银铄就冲她锤了两下胸口,做了一个非常油腻的梳头动作。
陈姝想起1202四个人在酒吧里笑闹的时候,她也是耍了这么一个动作。
时间过得竟这样快…
百感交集中,像以前一样,吐槽她:“普信a。”
“等咱回来就不是普信a了。”银铄非常臭屁的耍嘴皮子:“到时候姐往那儿一站,喜欢姐的omega得排队~”
陈姝笑着,受不了了,赶她道:“滚滚。”
银铄嘿嘿一笑:“得嘞,滚啦!”
两人就此分开。
和沿海地区的‘蜥蜴’虫不一样,内陆爆发的很难定义到底像什么,它们乱七八糟,像把各种生物元素容进了史莱姆里,大多数都不高,和传统的虫族相差极远。
回顾起一代又一代的人虫大战,虫族从以前的百米,到几十米,又到十几米,现在已经变成了几米。

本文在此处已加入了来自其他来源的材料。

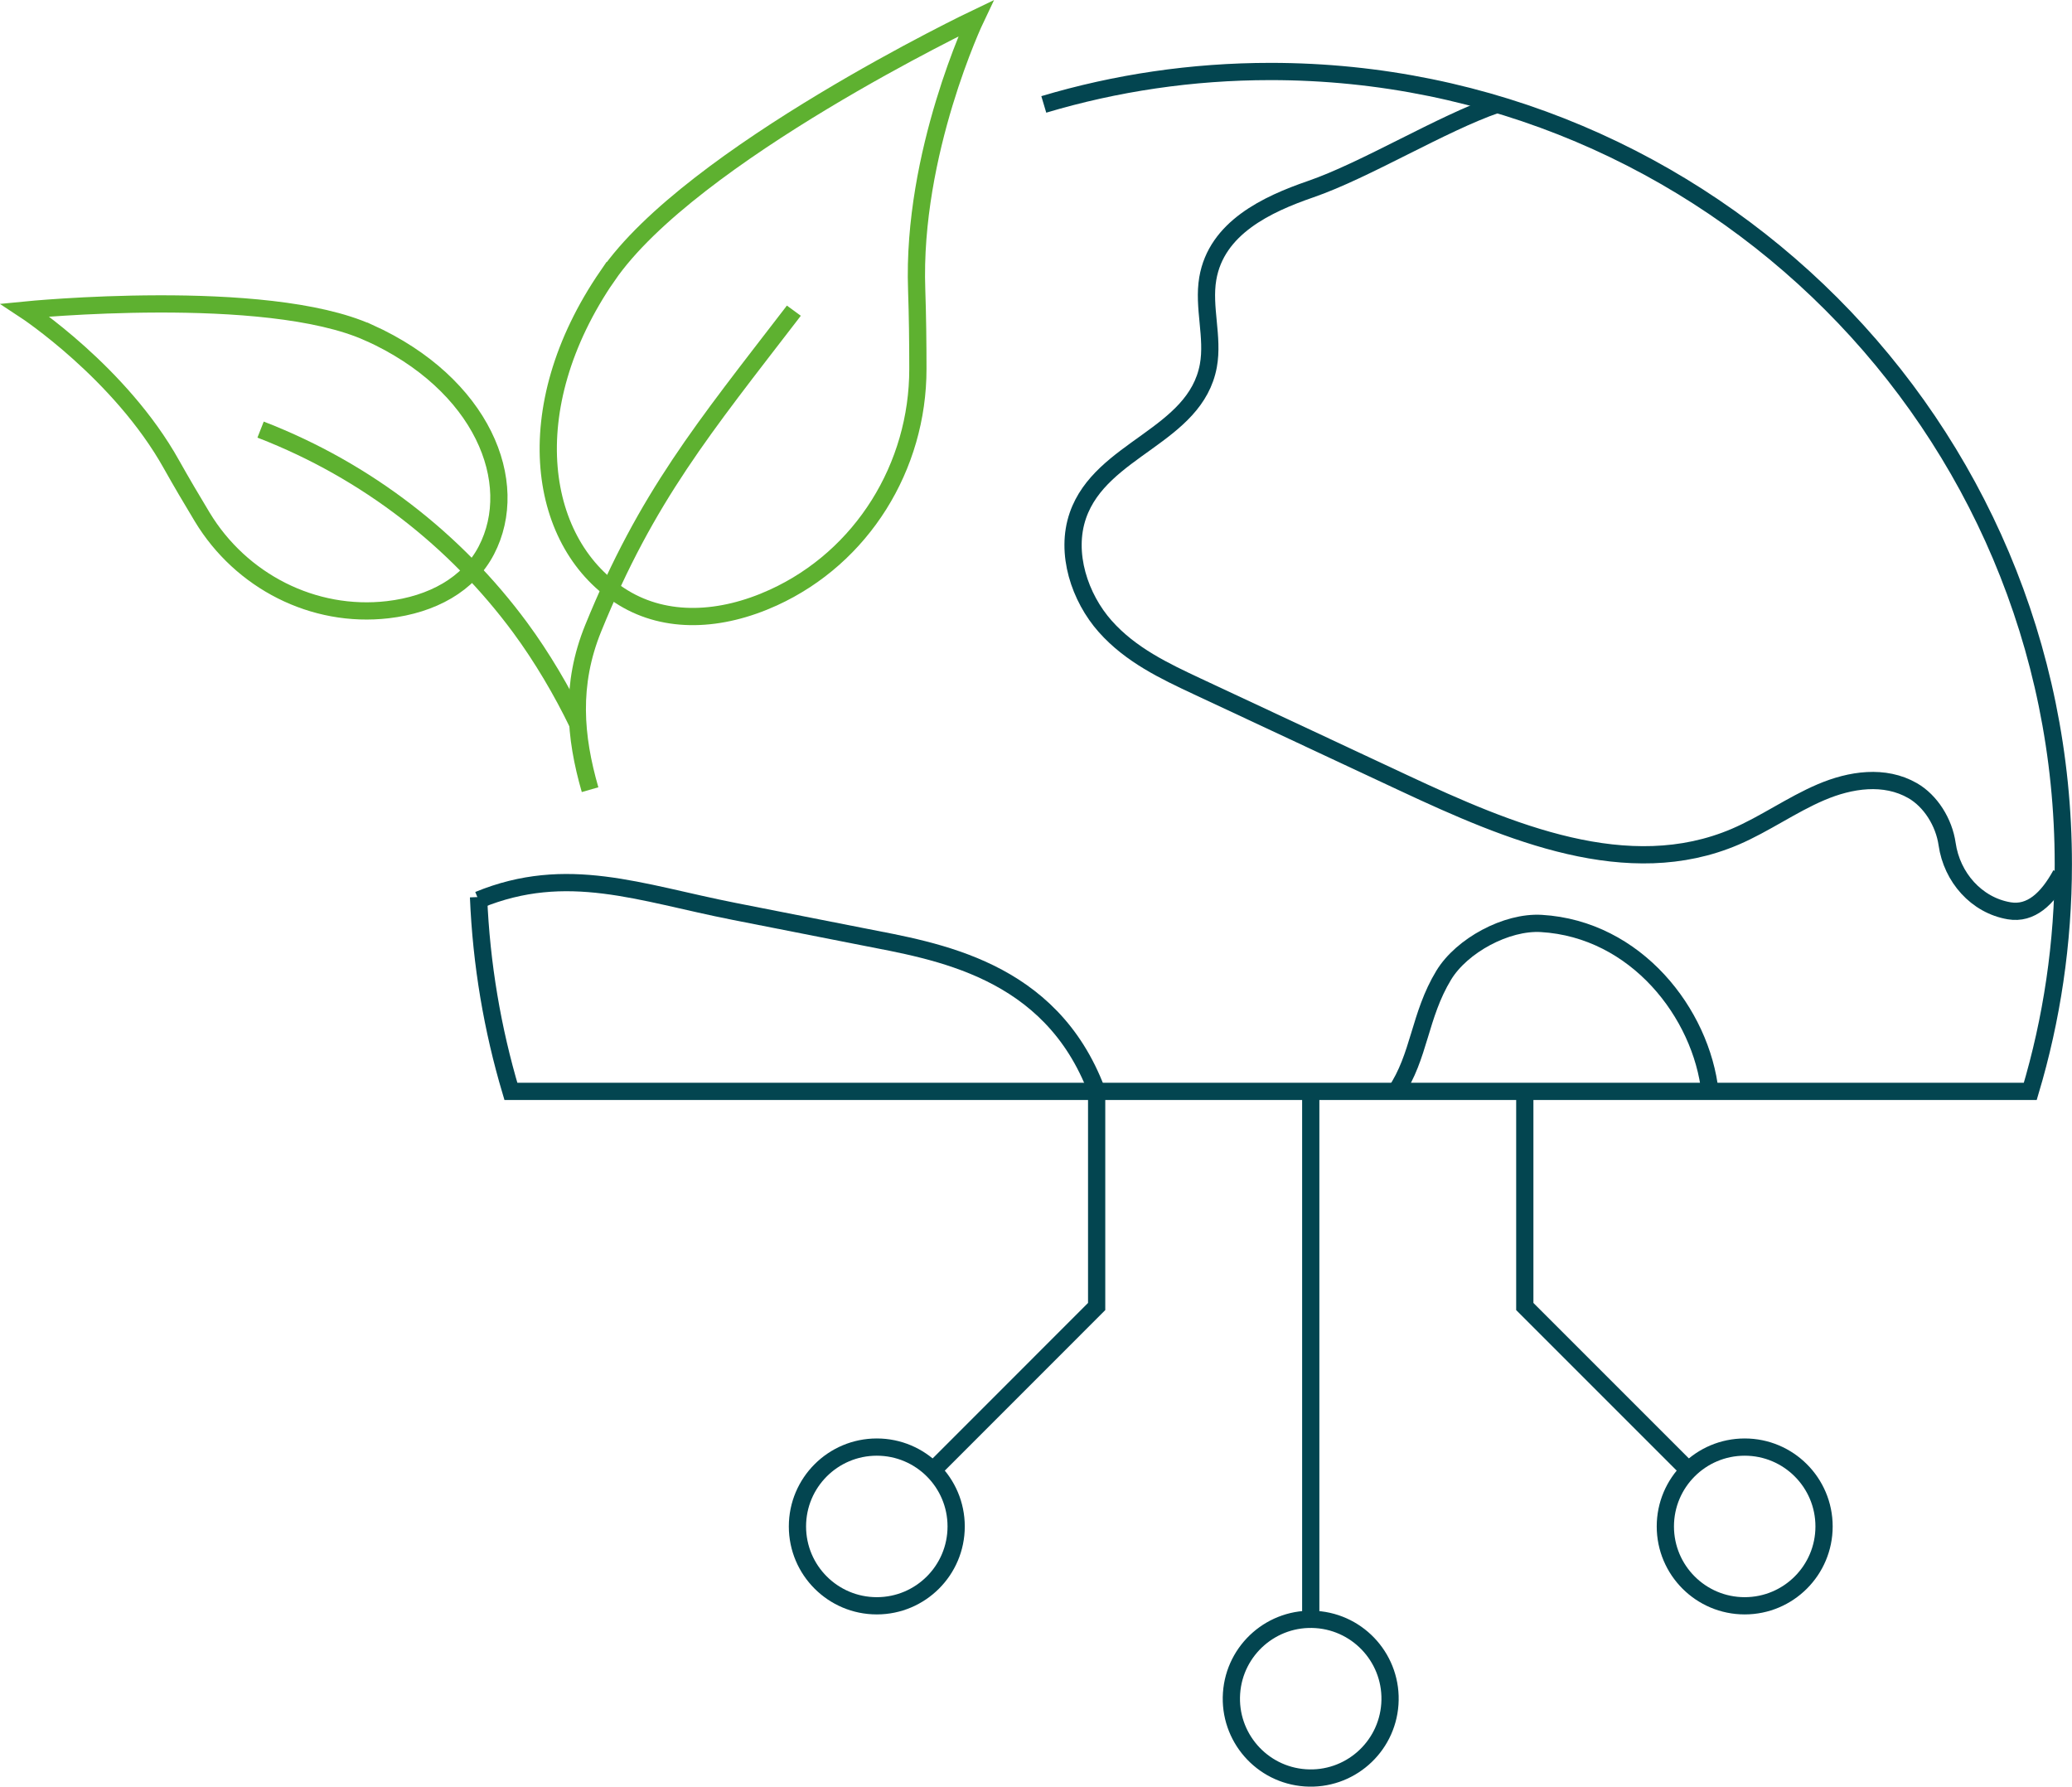 <?xml version="1.0" encoding="UTF-8"?><svg id="Livello_1" xmlns="http://www.w3.org/2000/svg" viewBox="0 0 360.59 310.93"><defs><style>.cls-1{stroke:#034550;}.cls-1,.cls-2{fill:none;stroke-miterlimit:10;stroke-width:3px;}.cls-2{stroke:#5eb130;}</style></defs><path class="cls-2" d="M105.73,47.98c-16,23.29-12.08,47.02,2.78,56.06,7.43,4.52,16.86,4.16,26.1-.06,15.46-7.07,25.14-22.78,25.13-39.78,0-4.55-.06-9.42-.21-13.76-.86-23.86,10.29-47.25,10.29-47.25,0,0-49.56,23.65-64.08,44.8Z"/><path class="cls-2" d="M102.69,137.42c-2.66-9.24-3.44-18.29.54-28.08,9.31-22.9,19.18-34.79,34.73-55.02l.19-.26"/><path class="cls-2" d="M64.2,57.89c19.75,8.93,26.6,26.05,20.44,37.88-3.08,5.92-9.41,9.43-17.15,10.33-12.95,1.5-25.54-4.96-32.29-16.12-1.8-2.98-3.7-6.2-5.33-9.11-8.91-16-25.52-26.91-25.52-26.91,0,0,41.91-4.17,59.84,3.94Z"/><path class="cls-2" d="M45.35,74.76l.23.09c18.24,7.09,33.72,19.15,44.97,34.4,3.75,5.09,7.26,11.03,10.02,16.76"/><path class="cls-1" d="M260.5,18.17c-9.6,3.31-22.84,11.46-32.44,14.76-7.56,2.61-16.37,6.71-17.87,15.55-.85,4.98,1.01,10.19.1,15.16-2.26,12.29-18.65,14.38-22.7,26.05-2.29,6.59.33,14.33,4.75,19.31,4.42,4.98,10.32,7.78,16.07,10.47,22.82,10.67,33.49,15.66,19.35,9.05,5.52,2.58,11.05,5.17,16.57,7.75,18.41,8.61,39.01,17.31,57.64,9.34,5.12-2.19,9.81-5.56,14.94-7.75,5.13-2.19,11.06-3.08,15.95-.27,3.11,1.79,5.45,5.48,6,9.31.83,5.76,5.09,10.64,10.82,11.6,3.73.62,6.64-2.04,8.99-6.35"/><path class="cls-1" d="M83.28,156.61c15.4-6.33,28.05-1.24,44.48,1.99,7.45,1.47,14.89,2.93,22.34,4.4,12.79,2.52,32.73,5.48,40.76,26.84"/><path class="cls-1" d="M297.6,190.07c-1.5-13.74-12.87-28.4-29.36-29.37-6.08-.36-13.84,3.84-16.98,8.99-4.27,7.02-4.2,14.18-8.42,20.38"/><path class="cls-1" d="M83.28,156.1c.48,11.71,2.42,23.04,5.63,33.82h264.42c3.74-12.52,5.75-25.78,5.75-39.52,0-76.2-61.77-137.96-137.96-137.96-13.72,0-26.97,2-39.47,5.73"/><circle class="cls-1" cx="228.11" cy="295.61" r="13.81" transform="translate(-82.41 502.97) rotate(-86.08)"/><line class="cls-1" x1="228.11" y1="281.8" x2="228.11" y2="189.1"/><circle class="cls-1" cx="303.63" cy="265.63" r="13.81"/><polyline class="cls-1" points="293.86 255.86 265.36 227.36 265.36 189.84"/><circle class="cls-1" cx="152.59" cy="265.63" r="13.81"/><polyline class="cls-1" points="162.36 255.86 190.85 227.36 190.85 189.84"/></svg>

形态也从类人的原始生物,类人的哺乳动物,类人的昆虫,变得…,扭曲,但更具有人的外形。
这算是一种进化吗?
陈姝开着机甲与新型虫缠斗在一起。
新型虫虽然外形变小了,但自我意识却明显提高,它们甚至因为身体的灵巧,可以像人一样敏捷地使出打斗的招数,学习人类使用工具。
银铄落地桐城,桐城的受灾情况还没有全面爆发。
她先是下令组织百姓撤离,争分夺秒地安排百姓向安全的城市转移。
随着越往城市的边界处走,纠缠在一起的鸣音在脑内爆发,越来越近。
“做好战斗准备!”
她端着粒子枪。
“轰!”一声,远处的高楼坍塌。
战斗一触即发。
她带队冲锋在前,一部分负责营救,一部分负责与虫族对战。
高楼一座接一座地损毁,哀嚎声,呼救声,令她仿佛看到了若拉的牺牲。
“哐!”
“嘣——!”
尘土飞扬。
“救命!救命!”
奔跑不及的母子被砸在了钢筋水泥下,下一秒,虫族扑了过来,像撕咬一枚爆浆的糖果般,轻而易举将他们的脑袋咬了下来。
银铄的救援速度被高楼阻挡,履步维艰。
就算开着机甲,也很难穿梭在这样的废墟。
“——!!!!”
“——!!!!”
她感知到一阵前所未有强烈地杂音,那种仿佛‘声波’又仿佛‘电波’的东西,仿佛在召唤她,令她头痛欲裂,胳膊也痒得难受。
血管里似乎有什么,和那种物质在遥相呼应。
银铄强忍难受,循着那诡异的‘波’走去,越摸索越深。
直到那熟悉的世界展现在眼前。
银铄呼吸窒住,犹如一双大手紧掐住她的喉管。瞬间就明白了陈姝的调查,更明白了为什么自己可以像s级一样,获得感知力。
太可笑了!
他们所有人都太可笑了!
她又惊又惧,牙齿不停打颤,心脏高速往心口冲撞,耳边已经听不到同声系统的呼唤,快速滑动光脑,一门心思只想将自己的发现和调查结果快点发给陈姝。
“砰!”
一道等离子束穿透了她的机甲。
银铄轰然倒地,抽搐着想点上屏幕,却被军靴踩住了手指。
那是和她同属于一支军队的上级。
第一军,从来不站在人民的这一边。
“*的事都干不利索,快点炸了这里。”
“…”
“轰!”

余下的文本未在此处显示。